Return the number of output classes.

Returns:

Number of classes in the data.

property optimizer: tf.keras.optimizers.Optimizer

Return the optimizer.

Returns:

The optimizer.

predict(*args, **kwargs)

Perform prediction of the given classifier for a batch of inputs, taking an expectation over transformations.

Parameters:
  • x – Input samples.

  • batch_size – Batch size.

  • verbose – Display training progress bar.

  • is_abstain (boolean) – True if function will abstain from prediction and return 0s.

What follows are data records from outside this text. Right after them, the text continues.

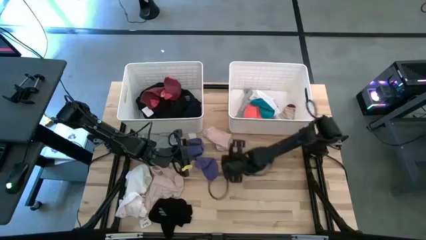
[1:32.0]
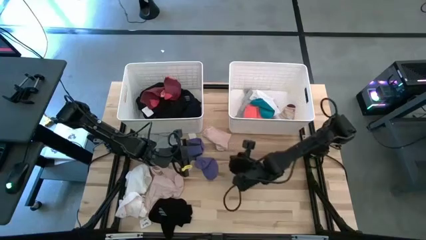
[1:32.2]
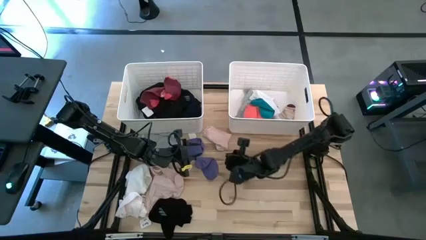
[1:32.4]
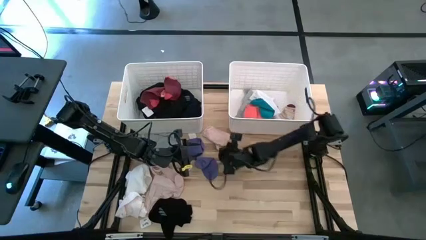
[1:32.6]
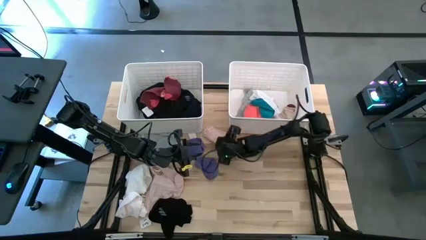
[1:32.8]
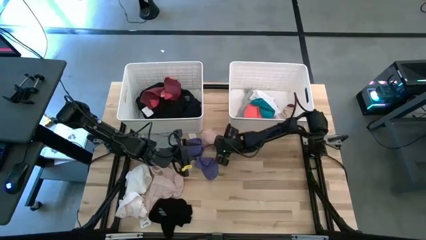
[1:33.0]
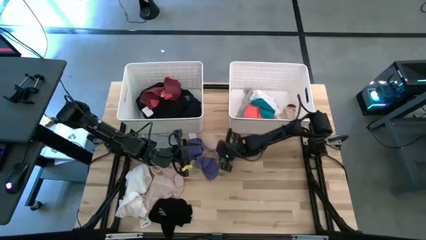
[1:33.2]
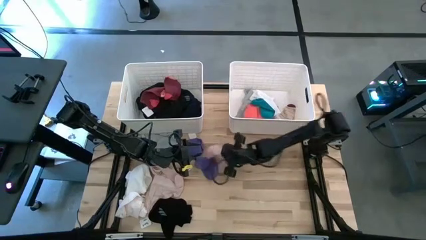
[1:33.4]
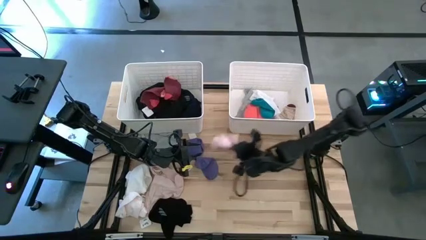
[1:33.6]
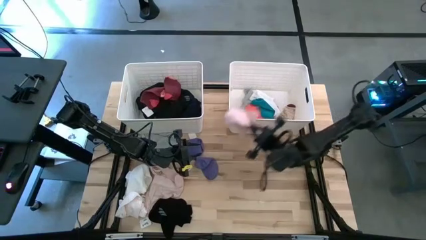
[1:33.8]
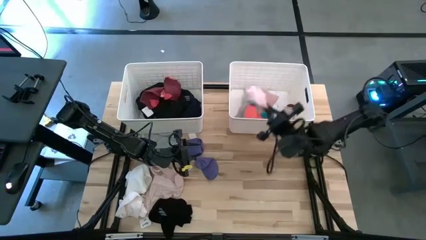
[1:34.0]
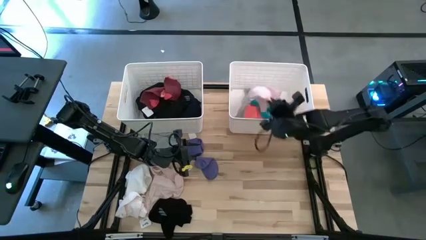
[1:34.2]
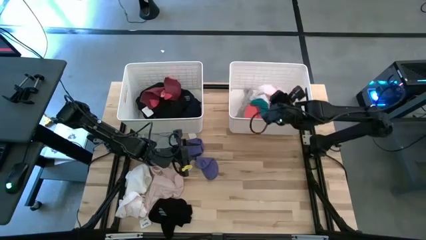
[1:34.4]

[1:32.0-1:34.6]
Put the light pink sock into the right white laundry bin

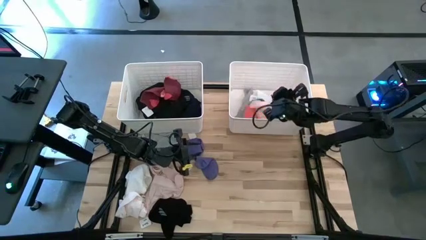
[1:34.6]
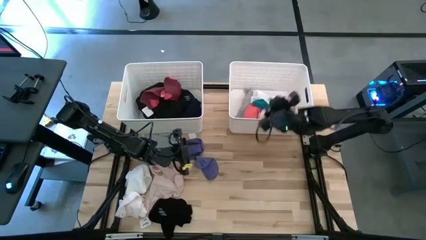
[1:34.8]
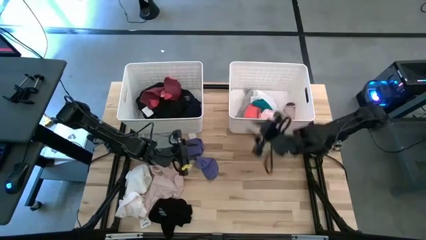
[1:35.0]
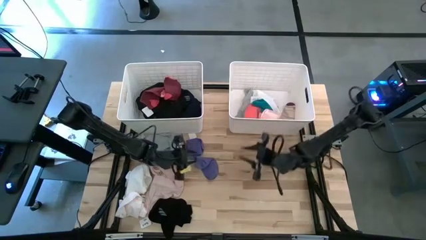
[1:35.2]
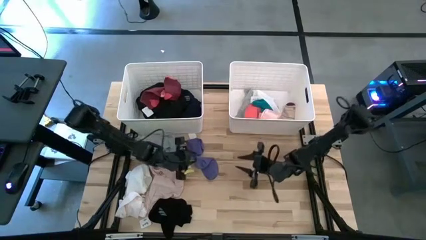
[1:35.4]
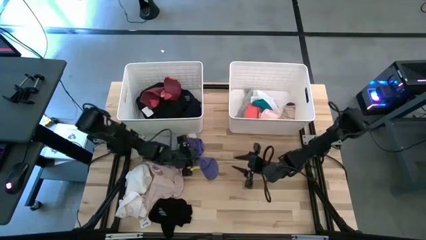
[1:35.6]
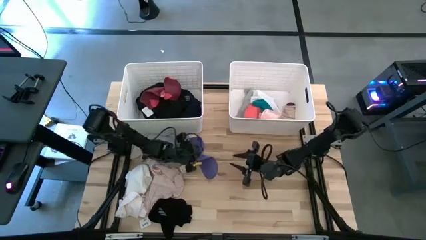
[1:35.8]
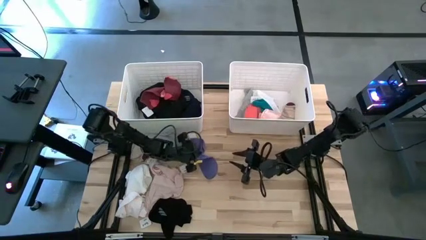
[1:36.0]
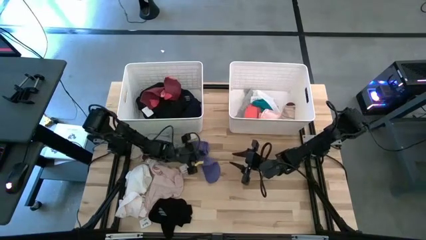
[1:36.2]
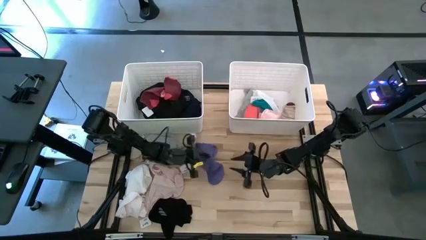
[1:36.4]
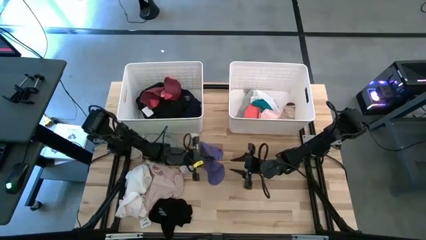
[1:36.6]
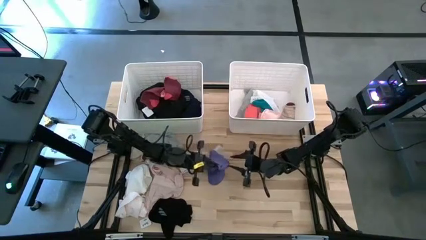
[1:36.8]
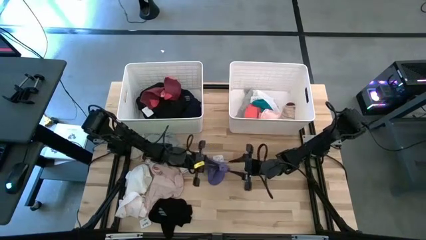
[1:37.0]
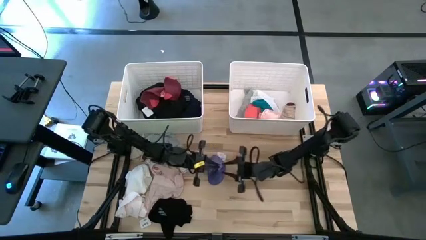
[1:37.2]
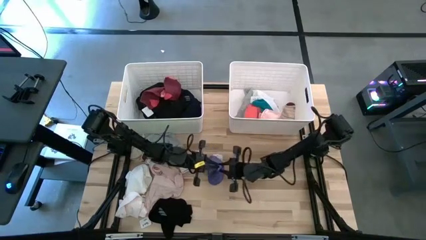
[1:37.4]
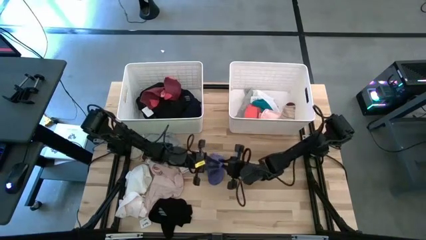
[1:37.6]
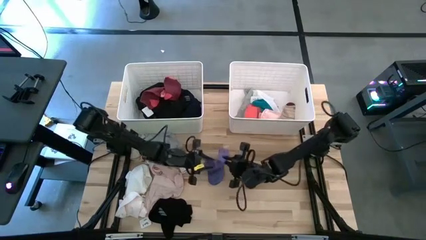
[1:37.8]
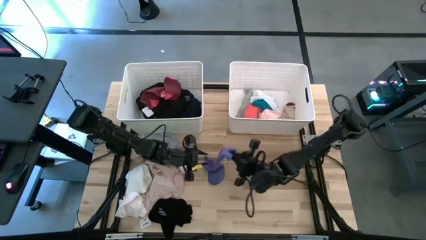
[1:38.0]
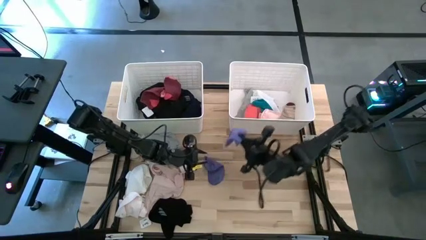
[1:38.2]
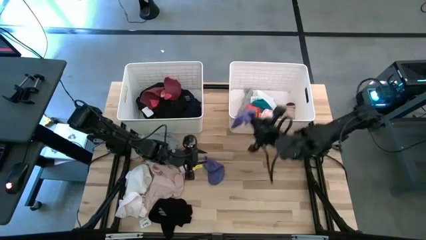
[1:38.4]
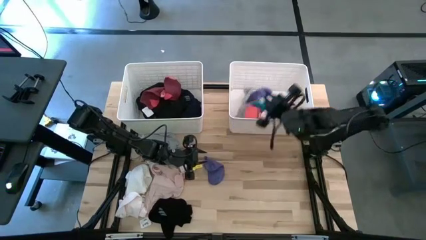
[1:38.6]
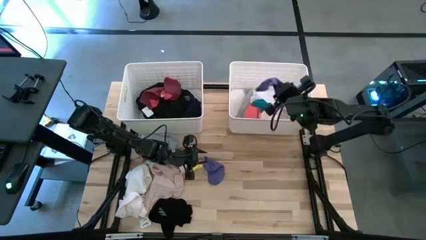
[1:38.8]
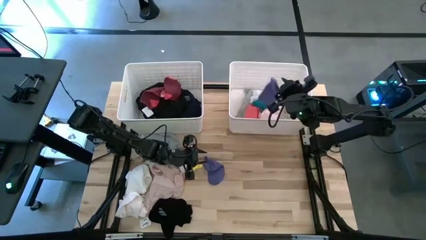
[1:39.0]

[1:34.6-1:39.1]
Put the violet sock into the right white laundry bin

Default: True

Returns:

Array of predictions of shape (nb_inputs, nb_classes).

reset() None

Resets the weights of the classifier so that it can be refit from scratch.

save(filename: str, path: str | None = None) None

Save a model to file in the format specific to the backend framework. For TensorFlow, .ckpt is used.

Parameters:
  • filename (str) – Name of the file where to store the model.

  • path – Path of the folder where to store the model. If no path is specified, the model will be stored in the default data location of the library ART_DATA_PATH.

set_params(**kwargs) None

Take a dictionary of parameters and apply checks before setting them as attributes.

Parameters:

kwargs – A dictionary of attributes.

property train_step: Callable

Return the function that applies a gradient update to the trainable variables.

Returns:

The function that applies a gradient update to the trainable variables.